AAPL on May 30, 2018

Here there are several partial day-candles on multiple days. Outlined are 5 raw candles all for the same day. Below are even more examples (not outlined). The green outlined “2” indicates that this candle was in fact a raw candle that eventually came in, and the cleaning algorithm recognized that and marked it as alreadyValid.

Cleaning raw AAPL candles in May, 2018
Cleaning raw AAPL candles in May, 2018

AAPL on July 31, 2018

This last example shows that uncleaned raw candles that start on given day may have the wrong opening price! Outlined in purple on line 10346 you can see the start timestamp is Tuesday, July 31 at 00:00 and this candle has a duration of only 6 minutes and 18 seconds, yet it has an opening price which is the price AAPL opened the previous day (191.90). The next raw candle to come in also starts at midnight, but it has a duration that ends about 2 hours into trading that day, so it should have a real [O]pen value (190.30). Some more candles come in, but none span the entire day, so a generated candle is recorded on line 10349, outlined in red, with a status of “3” meaning generated. This is the candle that would be used in a time series analysis.

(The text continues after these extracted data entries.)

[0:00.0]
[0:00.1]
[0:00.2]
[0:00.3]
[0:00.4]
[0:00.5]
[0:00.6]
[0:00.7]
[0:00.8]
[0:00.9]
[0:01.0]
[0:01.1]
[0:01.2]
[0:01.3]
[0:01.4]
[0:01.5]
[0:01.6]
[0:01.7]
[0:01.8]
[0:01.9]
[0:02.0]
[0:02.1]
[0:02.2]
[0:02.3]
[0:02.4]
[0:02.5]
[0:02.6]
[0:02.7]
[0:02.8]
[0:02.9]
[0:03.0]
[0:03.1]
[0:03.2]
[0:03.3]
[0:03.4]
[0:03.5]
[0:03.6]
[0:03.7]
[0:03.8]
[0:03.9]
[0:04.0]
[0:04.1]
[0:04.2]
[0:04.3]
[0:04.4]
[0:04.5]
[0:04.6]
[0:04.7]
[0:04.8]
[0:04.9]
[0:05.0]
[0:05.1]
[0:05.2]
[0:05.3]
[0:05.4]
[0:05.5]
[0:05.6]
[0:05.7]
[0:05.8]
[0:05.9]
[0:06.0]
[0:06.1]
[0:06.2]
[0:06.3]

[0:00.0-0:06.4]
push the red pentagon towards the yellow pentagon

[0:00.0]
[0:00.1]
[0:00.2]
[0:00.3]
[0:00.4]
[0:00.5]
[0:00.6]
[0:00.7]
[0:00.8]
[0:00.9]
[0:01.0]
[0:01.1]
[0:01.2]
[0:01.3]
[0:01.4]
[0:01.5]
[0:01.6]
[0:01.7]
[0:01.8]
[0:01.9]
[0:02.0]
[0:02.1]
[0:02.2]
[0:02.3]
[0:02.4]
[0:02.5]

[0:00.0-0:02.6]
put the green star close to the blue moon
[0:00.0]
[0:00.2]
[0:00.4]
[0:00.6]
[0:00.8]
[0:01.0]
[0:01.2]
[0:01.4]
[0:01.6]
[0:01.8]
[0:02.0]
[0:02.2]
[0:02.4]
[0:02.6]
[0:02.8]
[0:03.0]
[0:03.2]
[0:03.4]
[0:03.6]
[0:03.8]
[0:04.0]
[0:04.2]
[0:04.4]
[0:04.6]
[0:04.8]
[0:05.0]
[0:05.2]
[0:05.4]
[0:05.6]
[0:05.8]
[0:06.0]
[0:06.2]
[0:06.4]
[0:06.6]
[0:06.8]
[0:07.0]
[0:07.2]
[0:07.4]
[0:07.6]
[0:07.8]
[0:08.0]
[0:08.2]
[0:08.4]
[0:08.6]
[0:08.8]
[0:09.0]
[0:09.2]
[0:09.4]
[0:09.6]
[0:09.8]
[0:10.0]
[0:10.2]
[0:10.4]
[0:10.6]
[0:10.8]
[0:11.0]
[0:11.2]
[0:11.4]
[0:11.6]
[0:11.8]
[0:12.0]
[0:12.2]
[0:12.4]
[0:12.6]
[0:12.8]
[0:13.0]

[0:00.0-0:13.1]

Cleaning raw AAPL candles in July, 2018
Cleaning raw AAPL candles in July, 2018
Conclusion: In my AAPL data set for one-day candles, I have over 10,300 day candles that came from the broker API. Of those, 891 are not usable because they fall in either case 1 or case 2 above. That’s 8.7 percent of my raw candles that are not full-period day candles and would adversely affect a time series analysis. It can be seen that cleaning the raw candles from the broker is an important step before performing any time series analysis.

Notes:

  1. Open, High, Low, Close, Volume
  2. Never modify raw candles. There may be a time we want to construct candles of interpolated time periods and raw candles can be beneficial. Also, we may want to backtest using “real-time” candle data.